< Ezechiël 24 >

1 Wijders geschiedde des HEEREN woord tot mij, in het negende jaar, in de tiende maand, op den tienden der maand, zeggende:
et factum est verbum Domini ad me in anno nono in mense decimo decima mensis dicens
2 Mensenkind! schrijf u den naam van den dag op, even van dezen zelfden dag; de koning van Babel legt zich voor Jeruzalem, even op dezen zelfden dag.
fili hominis scribe tibi nomen diei huius in qua confirmatus est rex Babylonis adversum Hierusalem hodie
3 En gebruik een gelijkenis tot dat wederspannig huis, en zeg tot hen: Alzo zegt de Heere HEERE: Zet een pot toe, zet hem toe, en giet ook water daarin.
et dices per proverbium ad domum inritatricem parabolam et loqueris ad eos haec dicit Dominus Deus pone ollam pone inquam et mitte in ea aquam
4 Doe zijn stukken te zamen daarin, alle goede stukken, de dij en den schouder, vul hem met de keur der beenderen.
congere frusta eius in ea omnem partem bonam femur et armum electa et ossibus plena
5 Neem de keur van de kudde, en stook ook een brandstapel van de beenderen daaronder; doe hem wel opzieden; ook zullen zijn beenderen daarin gekookt worden.
pinguissimum pecus adsume conpone quoque struices ossuum sub ea efferbuit coctio eius et discocta sunt ossa illius in medio eius
6 Daarom, alzo zegt de Heere HEERE: Wee der bloedstad, den pot, welks schuim in hem is, en van welken zijn schuim en niet is uitgegaan! trek stuk bij stuk daaruit, en laat het lot over hem niet vallen.
propterea haec dicit Dominus Deus vae civitati sanguinum ollae cuius rubigo in ea est et rubigo eius non exivit de ea per partes et per partes suas eice eam non cecidit super eam sors
7 Want haar bloed is in het midden van haar; op een gladde steenrots heeft zij dat gelegd; zij heeft het op de aarde niet uitgestort, om hetzelve met stof te bedekken.
sanguis enim eius in medio eius est super limpidissimam petram effudit illum non effudit illum super terram ut possit operiri pulvere
8 Opdat Ik de grimmigheid doe opgaan om wraak te oefenen, heb Ik ook haar bloed op een gladde steenrots gelegd, opdat het niet bedekt worde.
ut superducerem indignationem meam et vindicta ulciscerer dedi sanguinem eius super petram limpidissimam ne operiretur
9 Daarom, alzo zegt de Heere HEERE: Wee der bloedstad!

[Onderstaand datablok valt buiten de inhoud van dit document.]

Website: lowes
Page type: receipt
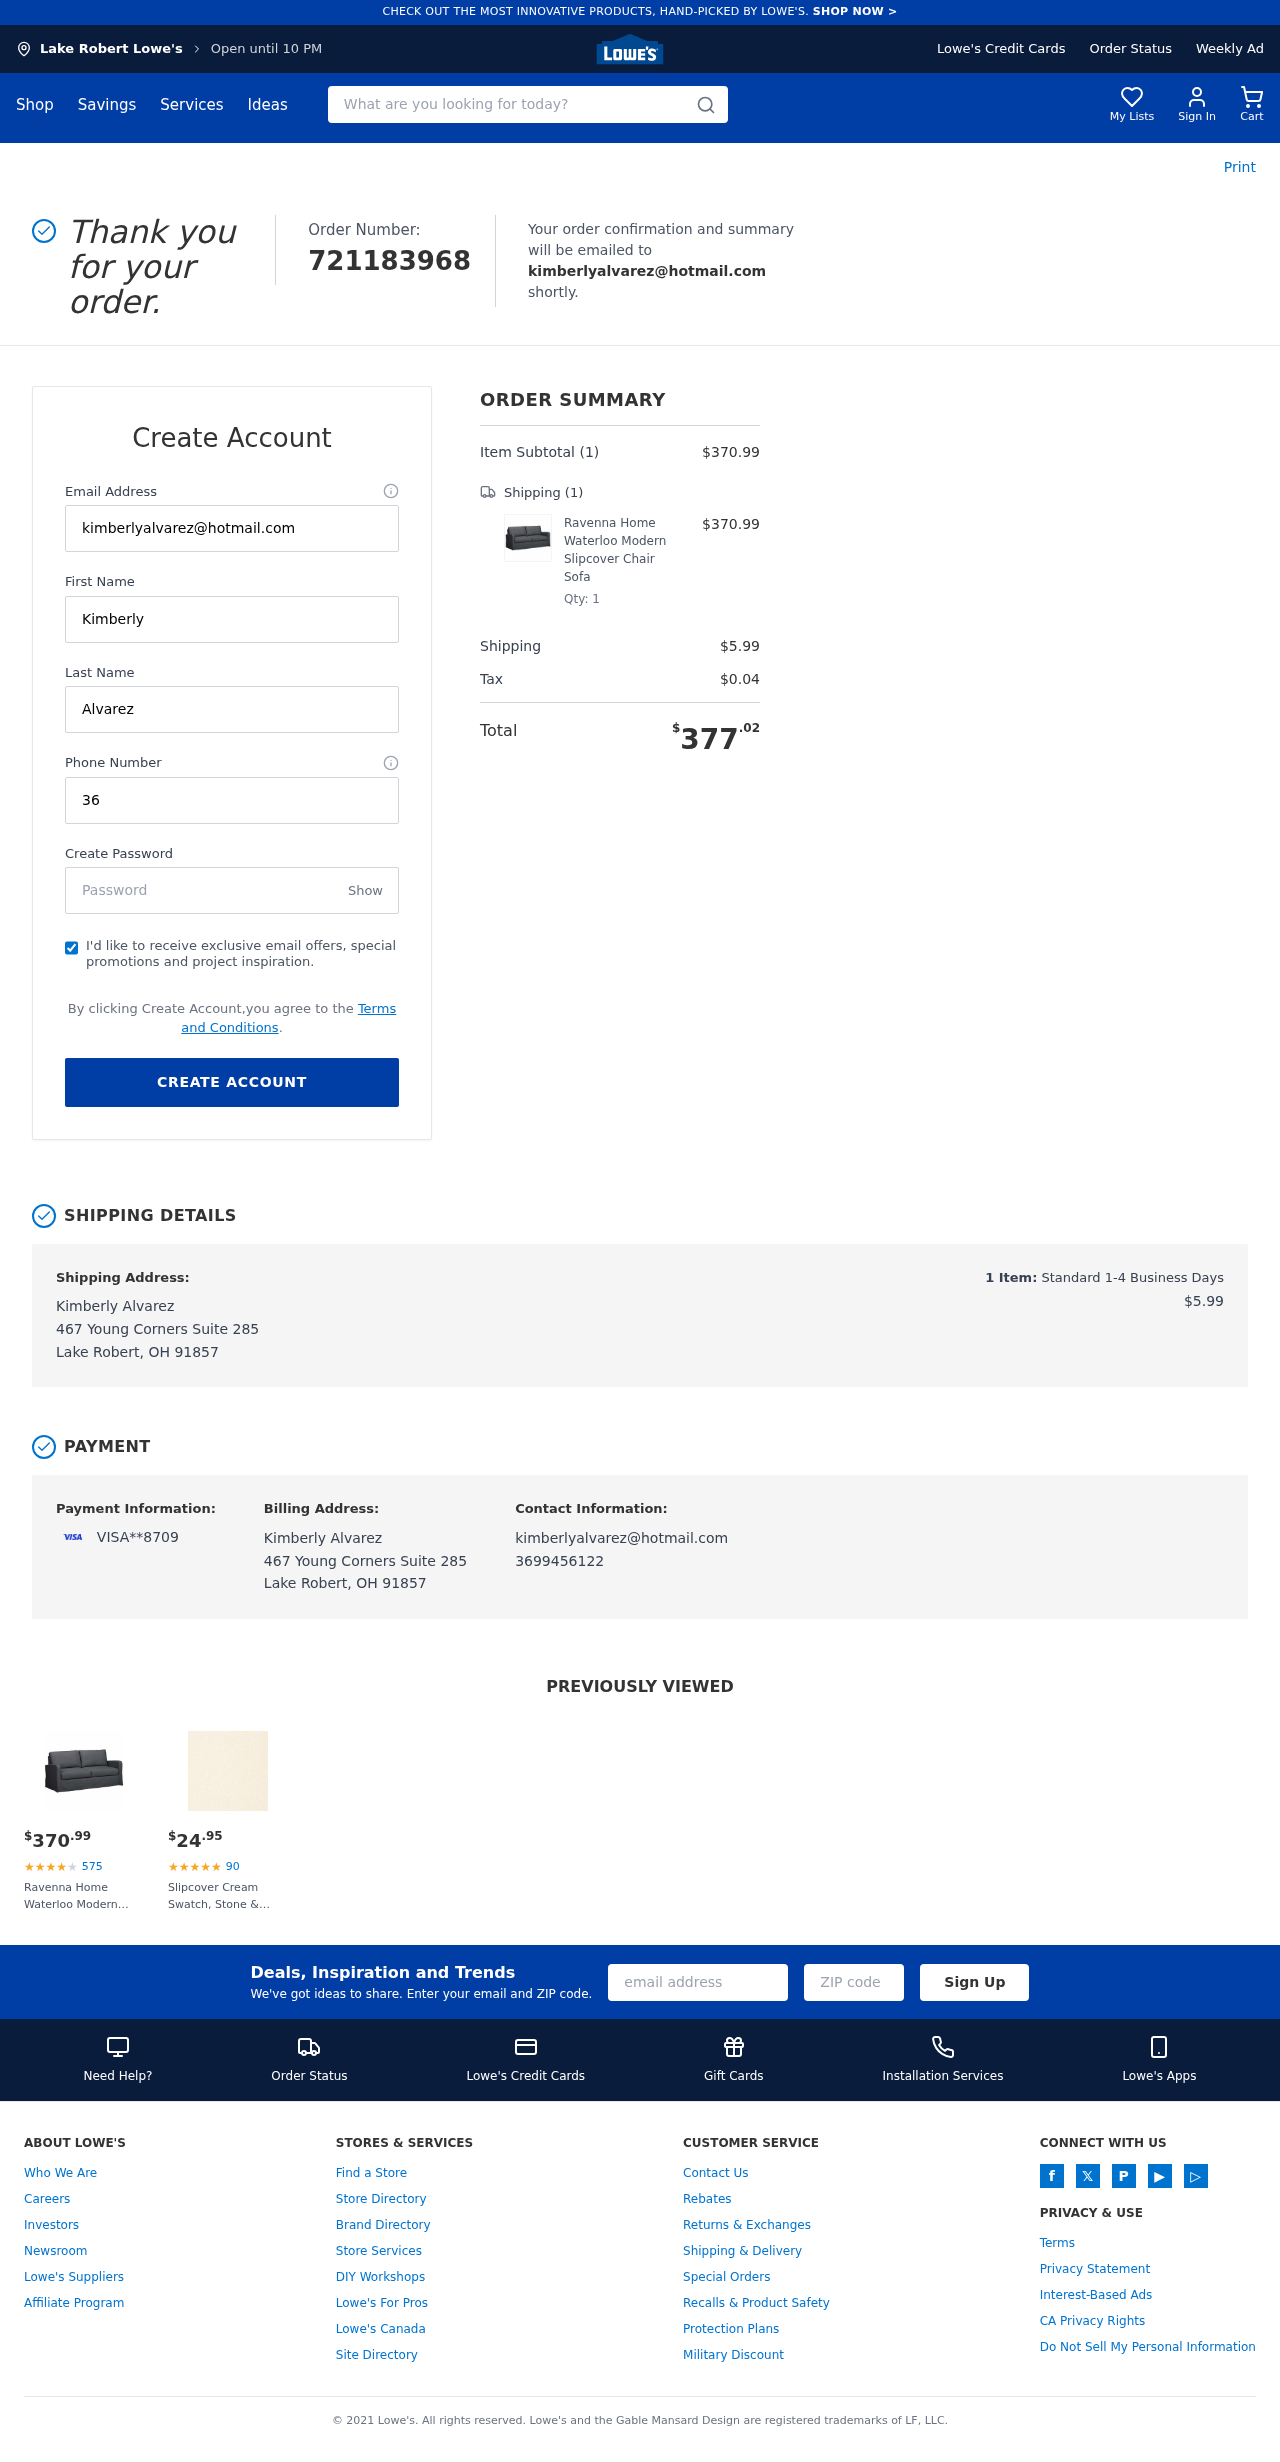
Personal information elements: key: PII_CARD_LAST4
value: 8709
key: PII_CARD_TYPE
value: VISA
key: PII_CITY
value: Lake Robert
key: PII_EMAIL
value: kimberlyalvarez@hotmail.com
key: PII_FULLNAME
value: Kimberly Alvarez
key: PII_PHONE
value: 3699456122
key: PII_STREET
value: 467 Young Corners Suite 285
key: PII_FIRSTNAME
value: Kimberly
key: PII_LASTNAME
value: Alvarez
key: PII_CITY_STATE_ZIP
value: Lake Robert, OH 91857
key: PII_FULLNAME2
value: Kimberly Alvarez
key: PII_FULLNAME3
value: Kimberly Alvarez
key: PII_FIRSTNAME2
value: Kimberly
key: PII_FIRSTNAME3
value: Kimberly
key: PII_LASTNAME2
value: Alvarez
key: PII_LASTNAME3
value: Alvarez
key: PII_FIRSTNAME_DERIVED
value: Kimberly
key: PII_LASTNAME_DERIVED
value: Alvarez
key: PII_FULLNAME_DERIVED
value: Kimberly Alvarez
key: PII_NAME_FULL_DERIVED
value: Kimberly Alvarez
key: PII_STREET2
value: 467 Young Corners Suite 285
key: PII_CITY_STATE_ZIP2
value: Lake Robert, OH 91857
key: PII_EMAIL2
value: kimberlyalvarez@hotmail.com
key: PII_EMAIL3
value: kimberlyalvarez@hotmail.com
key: PII_PHONE_LINE
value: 6122
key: PII_PHONE_SUFFIX
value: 6122
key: PII_PHONE2
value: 3699456122
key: PII_PHONE3
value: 3699456122
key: PII_PHONE_NUMERIC
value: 3699456122
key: PII_PHONE_LINE_NUMERIC
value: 6122
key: PII_PHONE_SUFFIX_NUMERIC
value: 6122
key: PII_PHONE2_NUMERIC
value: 3699456122
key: PII_PHONE3_NUMERIC
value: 3699456122
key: PII_PHONE_DIGITS
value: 3699456122
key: PII_PHONE_LAST4
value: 6122
Product elements: key: PRODUCT1_NAME
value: Ravenna Home Waterloo Modern Slipcover Chair Sofa
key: PRODUCT1_PRICE
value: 370.99
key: PRODUCT1_QUANTITY
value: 1
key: PRODUCT2_NAME
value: Slipcover Cream Swatch, Stone & Beam
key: PRODUCT2_NUM_RATINGS
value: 90
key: PRODUCT2_PRICE
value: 24.95
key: PRODUCT1_PRICE2
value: $370.99
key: PRODUCT1_RATING2
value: ★
★
★
★
★
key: PRODUCT1_NUM_RATINGS2
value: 575
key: PRODUCT1_NAME2
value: Ravenna Home Waterloo Modern Slipcover Chair Sofa
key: PRODUCT2_RATING
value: ★
★
★
★
★
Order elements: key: ORDER_ID
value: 721183968
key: ORDER_NUM_ITEMS
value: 1
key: ORDER_SUBTOTAL
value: $370.99
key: ORDER_NUM_ITEMS2
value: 1
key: ORDER_SHIPPING_COST
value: $5.99
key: ORDER_TAX
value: $0.04
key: ORDER_TOTAL
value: $377.02
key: ORDER_NUM_ITEMS3
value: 1
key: ORDER_SHIPPING_COST2
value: $5.99
Search elements: key: HEADER_SEARCH
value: What are you looking for today?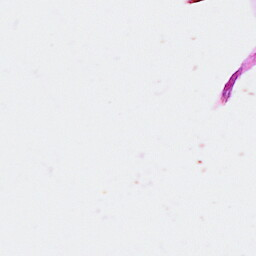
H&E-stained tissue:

Ik zal ook den brandstapel groot maken!
propterea haec dicit Dominus Deus vae civitati sanguinum cuius ego grandem faciam pyram
10 Draag veel houts toe, steek het vuur aan, verteer het vlees, en kruid het met specerijen, en laat de beenderen verbranden.
congere ossa quae igne succendam consumentur carnes et concoquetur universa conpositio et ossa tabescent
11 Stel hem daarna ledig op zijn kolen, opdat hij heet worde, en zijn roest verbrande, en zijn onreinigheid in het midden van hem versmelte, zijn schuim verteerd worde.
pone quoque eam super prunas vacuam ut incalescat et liquefiat aes eius et confletur in medio eius inquinamentum eius et consumatur rubigo eius
12 Met ijdelheden heeft zij Mij moede gemaakt; nog is haar overvloedig schuim van haar niet uitgegaan; haar schuim moet in het vuur.
multo labore sudatum est et non exibit de ea nimia rubigo eius neque per ignem
13 In uw onreinigheid is schandelijkheid, omdat Ik u gereinigd heb, en gij niet gereinigd zijt, zo zult gij van uw onreinigheid niet meer gereinigd worden, totdat Ik Mijn grimmigheid op u zal hebben doen rusten.
inmunditia tua execrabilis quia mundare te volui et non es mundata a sordibus tuis sed nec mundaberis prius donec quiescere faciam indignationem meam in te
14 Ik, de HEERE, heb het gesproken; het zal komen, en Ik zal het doen; Ik zal er niet van wijken, en Ik zal niet verschonen noch berouw hebben; naar uw wegen en naar uw handelingen zullen zij u richten, spreekt de Heere HEERE.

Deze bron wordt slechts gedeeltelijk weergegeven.